Card payments are to stay in the future
SumUp co-founder Mark-Alexander Kriste visits Bulgaria for the annual DIGITALK conference
SumUp tries to make POS payments easier for small merchants
You go to the local snack bar and pay with a debit card. Then you are at a hairdresser where you also pay with a card. Finally, you get a taxi and pay with a card again. This simple scenario, even if it sounds simple, is not that easy, at least in Bulgaria. Even in the era of non-contact payments, NFC technology and internet, the merchants who accept card payments are still few. The small merchants - even less. Based in London but with offices across Europe, including Sofia, SumUp strives to change this situation.
Instead of massive POS terminals, the company sells small and, and more important - cheap devices to make mapping and contactless technology as accessible as possible. "When you are a small merchant and you need a card sale terminal, you go to your bank, where they send you to someone else who comes to your store, signing a few contracts - Visa, Mastercard, for the terminal itself, and you are finally overwhelmed and burdened from contracts and payments", says Mark-Alexander Krist, co-founder of SumUp for Capital. He is in Sofia for the annual DIGITALK Technology Conference organized by Capital and the LAUNC Hub and NEVEQ funds. "We want to make all of this more accessible."
Price is the key factor in SumUp. In the case of small traders like taxi drivers, most banks refuse to sell POS terminals because they can not make big enough turnover to be profitable for the bank. The SumUp device costs less than $ 100, and the company earns mainly commissions - receiving 1.95% of each sale. Everything else is done to be as accessible as possible: without contracts and without maintenance, as customers install their own devices. "We can do the same service as the bank one, but at one-tenth of the price," says Krist.
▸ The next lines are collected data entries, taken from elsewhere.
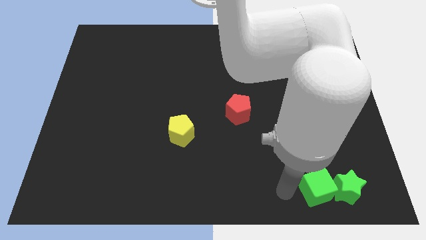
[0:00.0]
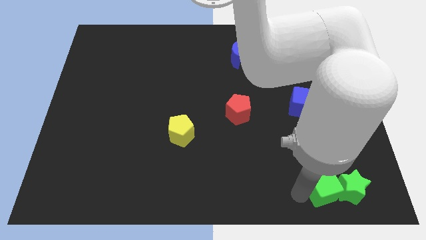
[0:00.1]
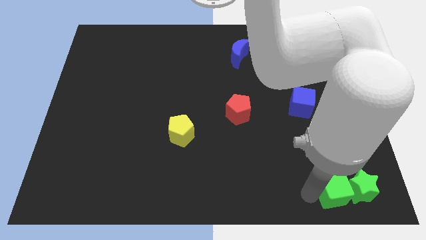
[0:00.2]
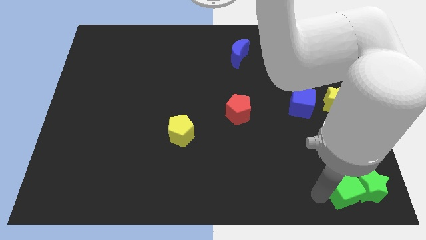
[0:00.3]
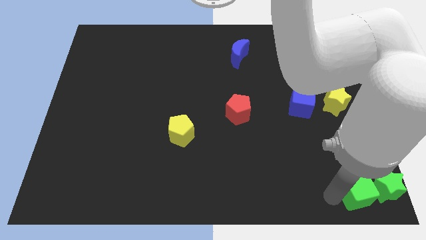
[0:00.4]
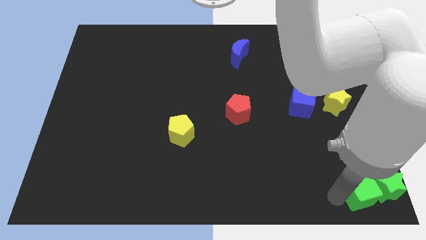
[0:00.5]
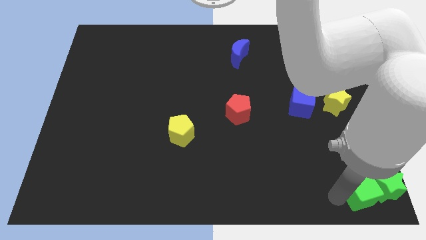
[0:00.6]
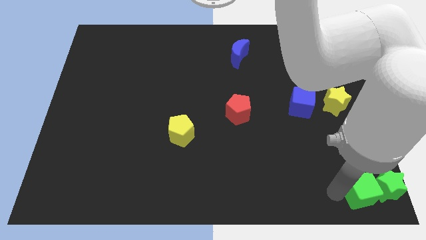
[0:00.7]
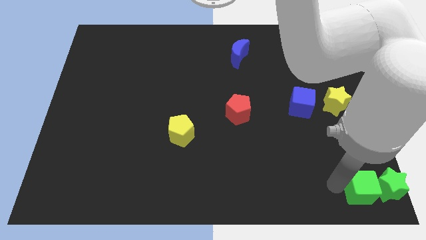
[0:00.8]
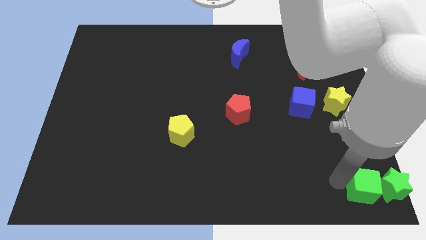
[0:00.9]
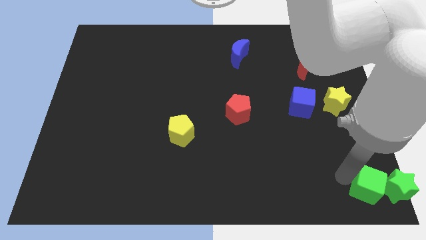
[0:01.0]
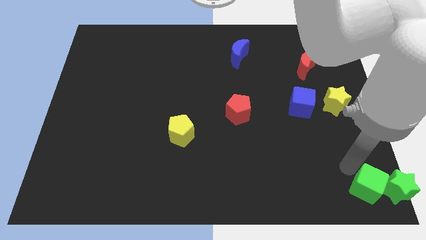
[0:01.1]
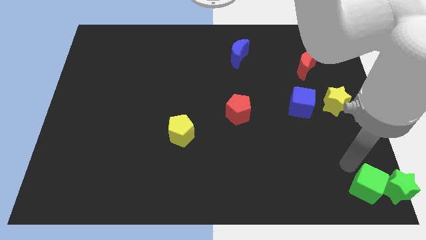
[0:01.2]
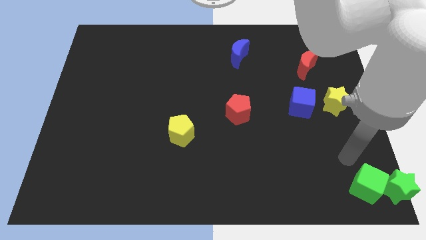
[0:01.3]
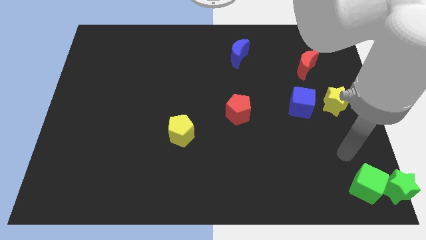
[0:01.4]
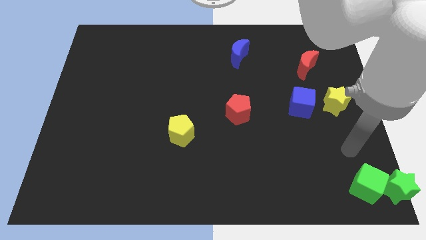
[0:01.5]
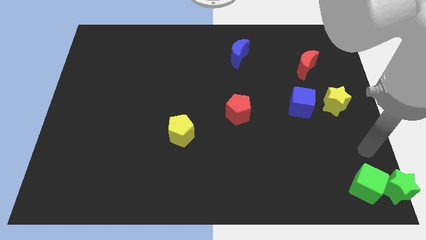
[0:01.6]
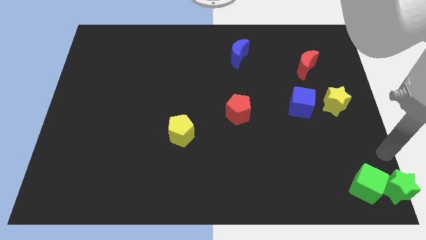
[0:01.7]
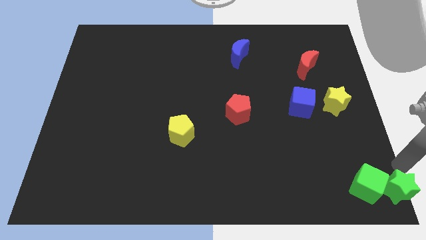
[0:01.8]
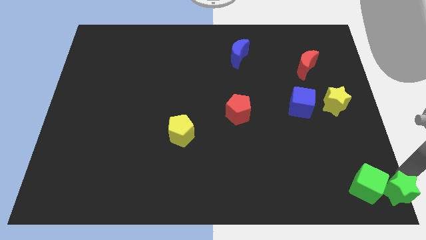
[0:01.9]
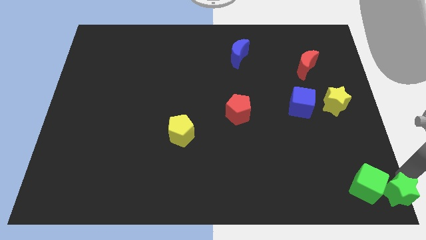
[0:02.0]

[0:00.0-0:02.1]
place the green blocks at bottom right corner of the board

We are no longer looking for capital
SumUp was founded in London in 2012 and has been working internationally since the very beginning. Initially, the company has offices in Sofia, Berlin and Dublin, and now - in Amsterdam, Sao Paulo and the United States. Initially, in the company were investing American Express, BBVA and Groupon. "In the beginning in Sofia we had only two people," says Kristq adding that "today our Sofia team reaches 166 people." The team in Bulgaria is engaged in both software projects and development, as well as in several languages support services.
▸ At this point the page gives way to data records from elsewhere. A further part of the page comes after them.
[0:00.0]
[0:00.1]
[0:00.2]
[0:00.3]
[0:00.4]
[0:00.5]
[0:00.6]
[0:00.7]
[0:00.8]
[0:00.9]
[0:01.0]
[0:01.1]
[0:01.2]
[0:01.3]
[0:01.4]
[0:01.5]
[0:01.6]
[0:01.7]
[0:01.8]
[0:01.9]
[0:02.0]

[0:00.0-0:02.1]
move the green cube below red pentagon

From the very beginning, the company's idea is to make card payments accessible to all. "Our main competition are the cash payments, most of the money are still in people's pockets, not in debit or credit cards, although the trend is clear to cards."
So far, $ 100 million has been invested in the company and it is no longer looking for foreign investors. SumUp is working on a profit since 2016. The main reason for this is the merger with the competing Payeleven, which in practice performs the same business in a smaller number of countries. SumUp currently works in 31 countries - the entire European Union, the United States, Brazil and Chile.
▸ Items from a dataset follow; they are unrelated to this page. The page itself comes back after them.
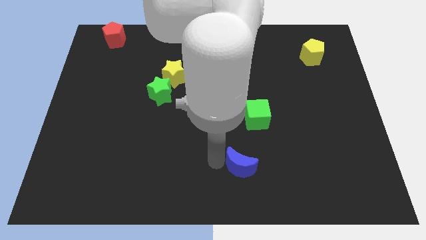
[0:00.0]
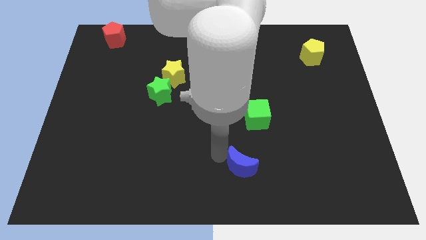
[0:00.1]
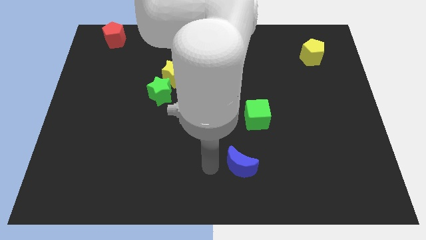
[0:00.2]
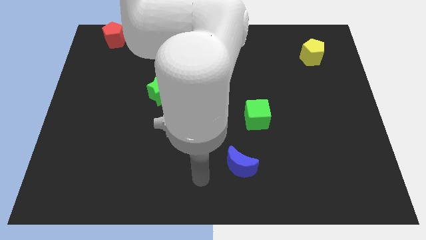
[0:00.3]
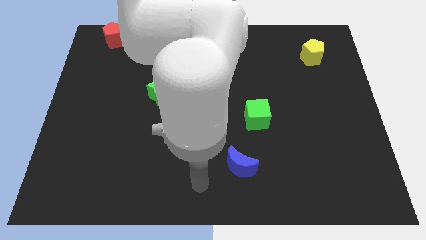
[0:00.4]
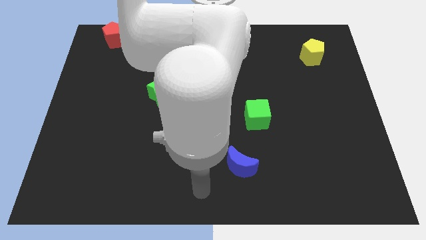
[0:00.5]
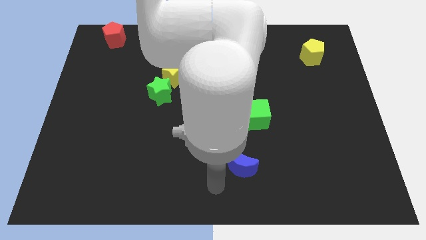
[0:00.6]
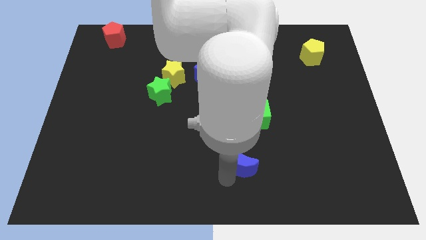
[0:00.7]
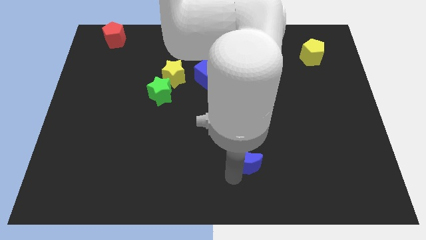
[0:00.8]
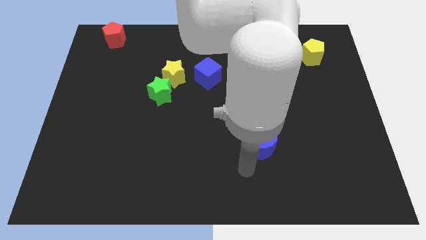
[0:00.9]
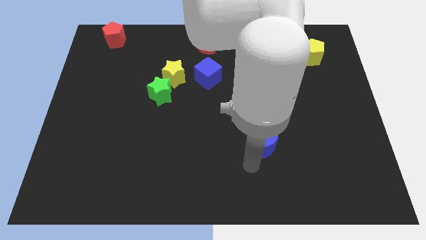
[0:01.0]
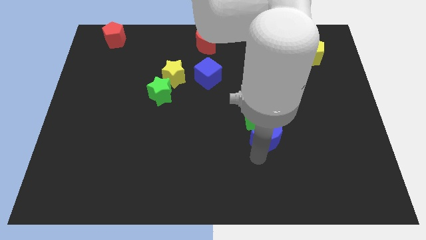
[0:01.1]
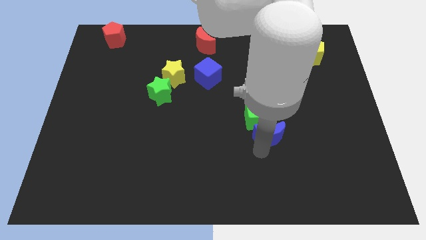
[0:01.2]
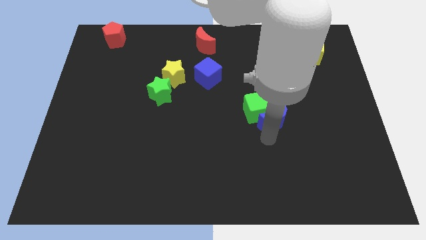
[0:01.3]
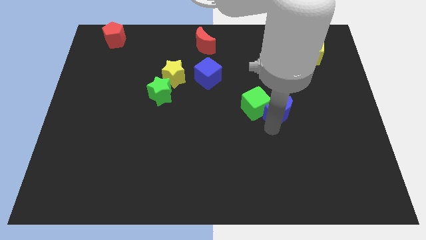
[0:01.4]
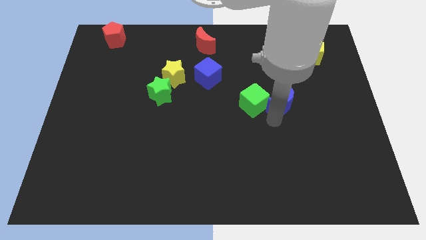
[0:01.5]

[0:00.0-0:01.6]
place the blue crescent into the green cube

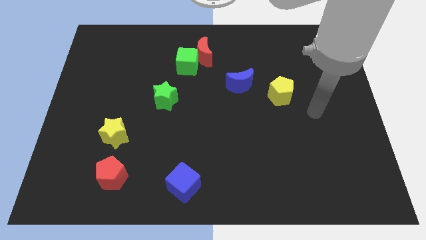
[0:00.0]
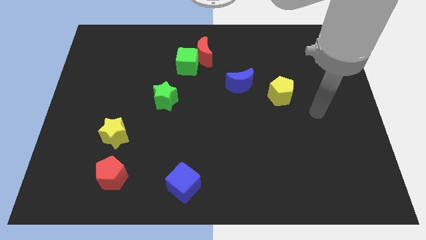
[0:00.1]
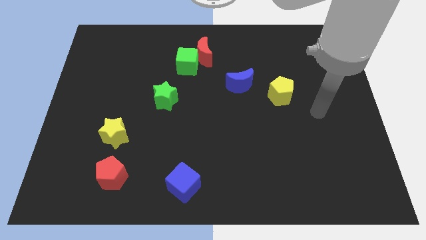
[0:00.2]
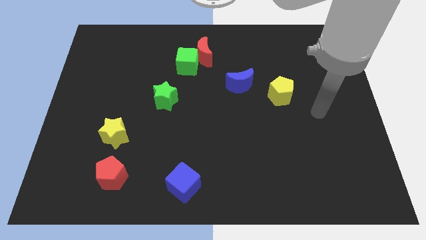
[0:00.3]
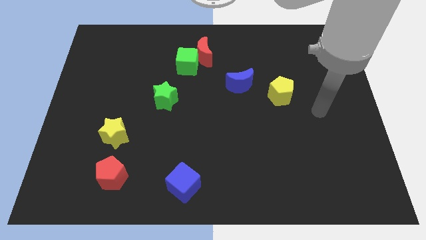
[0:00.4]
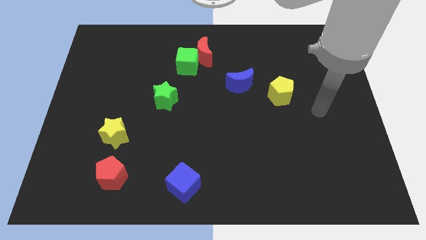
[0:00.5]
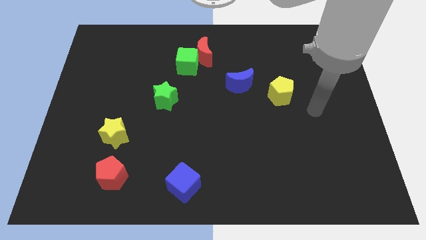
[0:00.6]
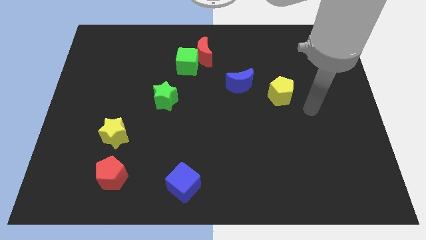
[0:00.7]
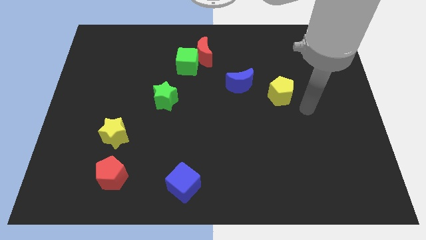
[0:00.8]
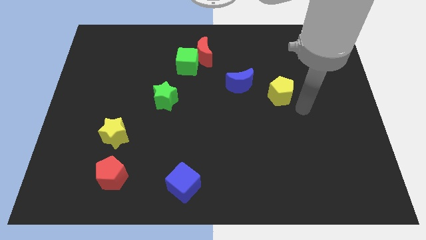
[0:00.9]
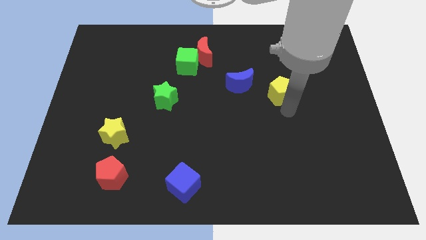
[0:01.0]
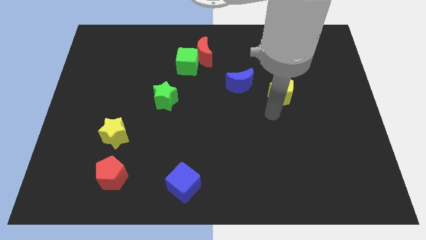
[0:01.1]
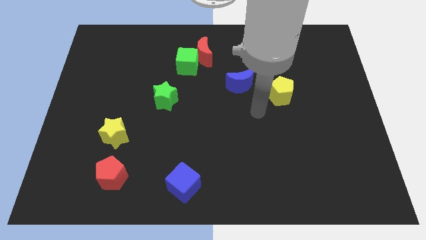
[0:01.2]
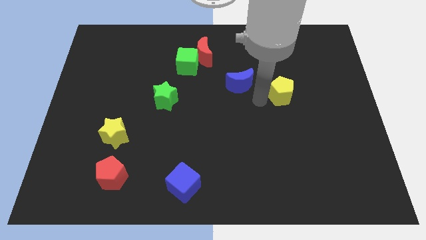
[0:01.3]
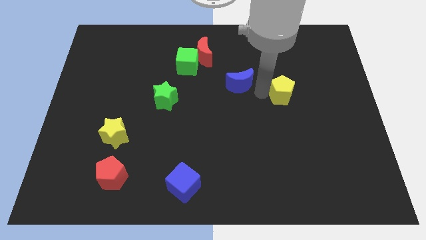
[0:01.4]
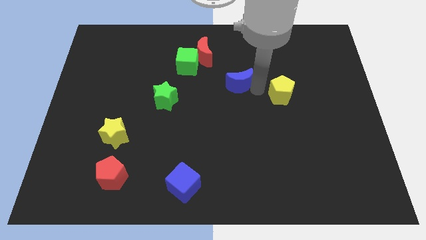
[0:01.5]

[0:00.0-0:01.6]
move your arm to the left of the yellow pentagon

"In the beginning there were many players on our market, over 30 companies in the sector in 2012. Now it is us and the Swedish iZettle but they were bought by PayPal," says Krist. The iZettle deal was for $ 2.2 billion and left SumUp as one of the few that work mainly on this market.
Focus, focus, focus
During his lecture at DIGITALK in June, Krist gave a very specific advice for all the entrepreneurs: "Focus, focus, focus, and if there is something else you need to do it, focus more." SumUp's focus is currently on the development of the company in order to remain dynamic. For 2017, the company's revenue has reached $ 100 million - a growth of 80%. "It is logical, as the company actually doubled its revenue last year, the same thing happened to the employees, but we have to do it in a way that will not destroy the inner culture we have built up. You need to hire the right people to focus on growth", said Krist.
The company is assessed as technological, and the rest, according to Krist, is a matter of marketing. The largest markets for the company are now also associated with the countries with the largest population - such as Germany, France and the UK. Bulgaria ranks amongst the smallest with the Czech Republic, but the reason is that, although there are offices in the country as early as 2012, the SumUp product was launched here in September 2017.
"Bulgaria is an interesting market because it is full of entrepreneurs and there are many traders but few card payments." SumUp has more tnan 1,000 customers here.
"The biggest problem for merchants is the introduction of card payments," says SumUp co-founder. Currently, the company allows its customers to use all payment methods - from credit and debit cards to Apple Pay and Google Pay, but the adoption of these services on the market is slow.
The main purpose of the company is to continue its expansion. After an increase of 80% in revenues in 2017, the plans are the same for this year. In order to achieve that, in the words of Krist, SumUp should help to accelerate the global trend for more card payments and less cash ones.
"Everything is going on extremely slow. More than 60 years have passed since the first credit card was launched, but the card still does not predominate over the cash payments. The technology changes only once in a decade or two," says Krist.